→ TASK DESCRIPTION:
Strip the pictures and reproduce the rest of the listing exactly.

* * *

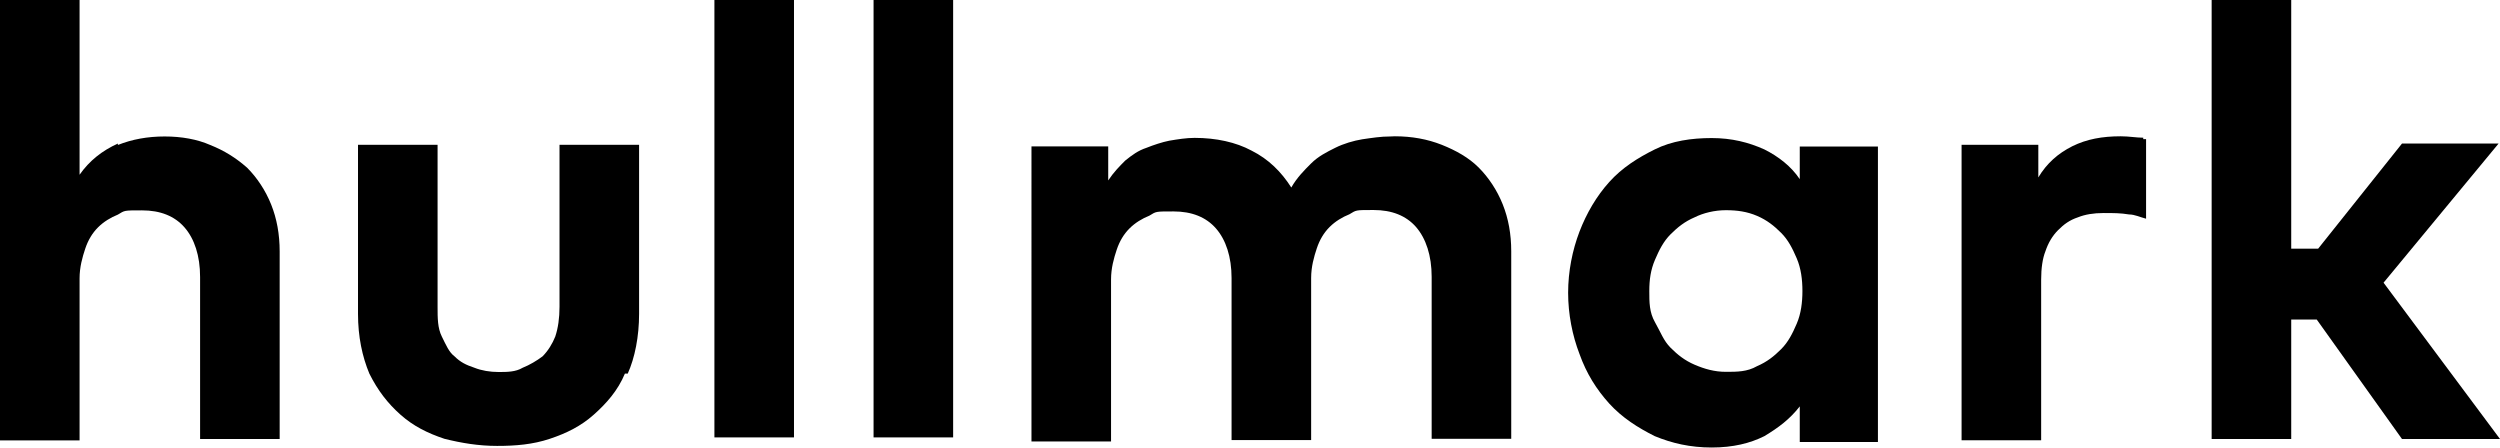 <?xml version="1.0" encoding="UTF-8"?>
<svg id="Layer_2" data-name="Layer 2" xmlns="http://www.w3.org/2000/svg" viewBox="0 0 141.06 25.25">
  <defs>
    <style>
      .cls-1 {
        fill: #000;
        stroke-width: 0px;
      }
    </style>
  </defs>
  <g id="Layer_1-2" data-name="Layer 1">
    <g>
      <g>
        <path class="cls-1" d="M6.65,8.18c.8-.32,1.68-.48,2.64-.48s1.84.16,2.57.48c.8.32,1.44.72,2.08,1.28.56.56,1.04,1.28,1.36,2.08.32.8.48,1.68.48,2.65v10.58h-4.49v-9.14c0-1.2-.32-2.16-.88-2.8-.56-.64-1.36-.96-2.4-.96s-.96,0-1.36.24c-.4.16-.8.4-1.12.72-.32.32-.56.72-.72,1.2-.16.48-.32,1.04-.32,1.68v9.14H0V0h4.49v9.86c.56-.8,1.28-1.36,2.16-1.76"/>
        <path class="cls-1" d="M35.26,21.08c-.4.96-1.04,1.68-1.76,2.32-.72.64-1.52,1.04-2.48,1.36-.96.32-1.92.4-2.97.4s-2-.16-2.97-.4c-.96-.32-1.76-.72-2.48-1.36-.72-.64-1.28-1.36-1.76-2.32-.4-.96-.64-2.08-.64-3.37v-9.54h4.49v9.14c0,.64,0,1.2.24,1.68.24.48.4.88.72,1.12.32.32.64.48,1.12.64.4.16.88.24,1.36.24s.96,0,1.36-.24c.4-.16.8-.4,1.12-.64.32-.32.56-.72.72-1.12.16-.48.24-1.04.24-1.68v-9.14h4.49v9.54c0,1.28-.24,2.48-.64,3.37"/>
      </g>
      <rect class="cls-1" x="40.31" y="0" width="4.49" height="24.68"/>
      <rect class="cls-1" x="49.29" y="0" width="4.49" height="24.68"/>
      <path class="cls-1" d="M78.7,7.69c.96,0,1.84.16,2.65.48.8.32,1.52.72,2.08,1.28s1.04,1.28,1.36,2.08c.32.8.48,1.68.48,2.65v10.58h-4.49v-9.14c0-1.2-.32-2.16-.88-2.81-.56-.64-1.36-.96-2.4-.96s-.96,0-1.36.24c-.4.16-.8.4-1.12.72-.32.32-.56.72-.72,1.2-.16.48-.32,1.04-.32,1.68v9.14h-4.49v-9.14c0-1.2-.32-2.16-.88-2.8-.56-.64-1.36-.96-2.4-.96s-.96,0-1.36.24c-.4.16-.8.4-1.12.72-.32.32-.56.72-.72,1.2-.16.48-.32,1.04-.32,1.68v9.14h-4.49V8.26h4.33v1.92c.32-.48.64-.8.96-1.12.4-.32.72-.56,1.2-.72.4-.16.88-.32,1.28-.4.48-.08.96-.16,1.44-.16,1.2,0,2.32.24,3.21.72.96.48,1.68,1.2,2.24,2.08.32-.56.72-.96,1.12-1.36.4-.4.88-.64,1.36-.88.48-.24,1.04-.4,1.52-.48.56-.08,1.04-.16,1.6-.16"/>
      <path class="cls-1" d="M101.55,24.77v-1.84c-.56.72-1.2,1.2-2,1.68-.8.4-1.76.64-2.97.64s-2.24-.24-3.21-.64c-.96-.48-1.84-1.04-2.57-1.84-.72-.8-1.28-1.68-1.68-2.8-.4-1.04-.64-2.24-.64-3.45s.24-2.4.64-3.45c.4-1.04.96-2,1.68-2.8.72-.8,1.6-1.36,2.57-1.84.96-.48,2.08-.64,3.21-.64s2.08.24,2.97.64c.8.4,1.52.96,2,1.68v-1.84h4.41v16.67h-4.41v-.16ZM97.38,11.86c-.64,0-1.28.16-1.76.4-.56.24-.96.56-1.36.96-.4.4-.64.88-.88,1.44-.24.56-.32,1.12-.32,1.76s0,1.2.32,1.76c.32.56.48,1.04.88,1.44.4.4.8.72,1.36.96.56.24,1.12.4,1.76.4s1.2,0,1.76-.32c.56-.24.96-.56,1.36-.96.4-.4.64-.88.88-1.44.24-.56.32-1.2.32-1.84s-.08-1.28-.32-1.84c-.24-.56-.48-1.04-.88-1.44-.4-.4-.8-.72-1.36-.96-.56-.24-1.12-.32-1.76-.32"/>
      <polygon class="cls-1" points="130.8 14.03 135.53 8.1 140.98 8.1 134.49 15.95 141.06 24.77 135.53 24.77 130.72 18.03 129.28 18.03 129.28 24.77 124.79 24.77 124.79 0 129.28 0 129.28 14.03 130.8 14.03"/>
      <path class="cls-1" d="M120.94,7.77h0c-.4,0-.8-.08-1.28-.08-1.04,0-1.92.16-2.73.56-.8.4-1.44.96-1.92,1.76v-1.84h-4.33v16.67h4.49v-9.06c0-.64.08-1.2.24-1.6.16-.48.4-.88.72-1.2.32-.32.64-.56,1.12-.72.4-.16.88-.24,1.44-.24s.96,0,1.44.08c.32,0,.64.16.96.24v-4.49h-.16v-.08Z"/>
    </g>
  </g>
</svg>

* * *

→ ANSWER TO THIS TASK:
 <?xml version="1.0" encoding="UTF-8"?>
<svg id="Layer_2" data-name="Layer 2" xmlns="http://www.w3.org/2000/svg" viewBox="0 0 141.06 25.25">
  <defs>
    <style>
      .cls-1 {
        fill: #000;
        stroke-width: 0px;
      }
    </style>
  </defs>
  <g id="Layer_1-2" data-name="Layer 1">
    <g>
      <g>
        <path class="cls-1" d="M6.65,8.18c.8-.32,1.68-.48,2.64-.48s1.84.16,2.57.48c.8.32,1.44.72,2.08,1.28.56.56,1.04,1.28,1.36,2.08.32.8.48,1.68.48,2.65v10.58h-4.49v-9.14c0-1.2-.32-2.16-.88-2.8-.56-.64-1.36-.96-2.4-.96s-.96,0-1.36.24c-.4.16-.8.4-1.12.72-.32.32-.56.72-.72,1.2-.16.48-.32,1.04-.32,1.68v9.14H0V0h4.49v9.86c.56-.8,1.28-1.36,2.16-1.76"/>
        <path class="cls-1" d="M35.26,21.08c-.4.96-1.04,1.68-1.76,2.32-.72.64-1.52,1.04-2.48,1.36-.96.32-1.92.4-2.97.4s-2-.16-2.97-.4c-.96-.32-1.76-.72-2.48-1.36-.72-.64-1.28-1.36-1.76-2.32-.4-.96-.64-2.08-.64-3.37v-9.54h4.49v9.14c0,.64,0,1.2.24,1.68.24.48.4.88.72,1.12.32.32.64.48,1.12.64.4.16.88.24,1.36.24s.96,0,1.36-.24c.4-.16.8-.4,1.12-.64.32-.32.56-.72.72-1.12.16-.48.24-1.04.24-1.68v-9.14h4.49v9.54c0,1.28-.24,2.48-.64,3.37"/>
      </g>
      <rect class="cls-1" x="40.31" y="0" width="4.49" height="24.68"/>
      <rect class="cls-1" x="49.29" y="0" width="4.49" height="24.68"/>
      <path class="cls-1" d="M78.7,7.69c.96,0,1.84.16,2.65.48.8.32,1.52.72,2.08,1.28s1.04,1.28,1.36,2.08c.32.8.48,1.68.48,2.65v10.58h-4.49v-9.14c0-1.2-.32-2.16-.88-2.81-.56-.64-1.36-.96-2.4-.96s-.96,0-1.36.24c-.4.16-.8.4-1.12.72-.32.32-.56.72-.72,1.2-.16.48-.32,1.04-.32,1.68v9.14h-4.49v-9.14c0-1.2-.32-2.16-.88-2.8-.56-.64-1.36-.96-2.4-.96s-.96,0-1.36.24c-.4.16-.8.4-1.12.72-.32.32-.56.72-.72,1.2-.16.48-.32,1.04-.32,1.68v9.14h-4.49V8.26h4.33v1.92c.32-.48.64-.8.96-1.12.4-.32.72-.56,1.2-.72.4-.16.88-.32,1.28-.4.48-.08.96-.16,1.44-.16,1.2,0,2.32.24,3.21.72.96.48,1.68,1.2,2.24,2.08.32-.56.72-.96,1.12-1.36.4-.4.88-.64,1.36-.88.48-.24,1.04-.4,1.52-.48.56-.08,1.04-.16,1.6-.16"/>
      <path class="cls-1" d="M101.55,24.77v-1.84c-.56.72-1.2,1.2-2,1.68-.8.4-1.76.64-2.97.64s-2.24-.24-3.21-.64c-.96-.48-1.84-1.04-2.57-1.84-.72-.8-1.28-1.68-1.68-2.8-.4-1.04-.64-2.24-.64-3.45s.24-2.4.64-3.45c.4-1.04.96-2,1.68-2.8.72-.8,1.6-1.36,2.57-1.84.96-.48,2.08-.64,3.21-.64s2.08.24,2.97.64c.8.4,1.52.96,2,1.68v-1.84h4.41v16.67h-4.41v-.16ZM97.38,11.86c-.64,0-1.28.16-1.76.4-.56.24-.96.56-1.36.96-.4.4-.64.88-.88,1.44-.24.56-.32,1.12-.32,1.76s0,1.2.32,1.76c.32.56.48,1.04.88,1.44.4.4.8.72,1.36.96.56.24,1.12.4,1.76.4s1.2,0,1.76-.32c.56-.24.96-.56,1.36-.96.4-.4.64-.88.88-1.44.24-.56.32-1.2.32-1.84s-.08-1.28-.32-1.84c-.24-.56-.48-1.04-.88-1.44-.4-.4-.8-.72-1.36-.96-.56-.24-1.12-.32-1.76-.32"/>
      <polygon class="cls-1" points="130.8 14.03 135.53 8.1 140.98 8.1 134.49 15.95 141.06 24.77 135.53 24.77 130.72 18.03 129.28 18.03 129.28 24.77 124.79 24.77 124.79 0 129.28 0 129.28 14.03 130.8 14.03"/>
      <path class="cls-1" d="M120.94,7.77h0c-.4,0-.8-.08-1.28-.08-1.04,0-1.92.16-2.73.56-.8.4-1.44.96-1.92,1.76v-1.84h-4.33v16.67h4.49v-9.06c0-.64.08-1.2.24-1.6.16-.48.4-.88.72-1.2.32-.32.64-.56,1.12-.72.4-.16.88-.24,1.44-.24s.96,0,1.44.08c.32,0,.64.16.96.24v-4.49h-.16v-.08Z"/>
    </g>
  </g>
</svg>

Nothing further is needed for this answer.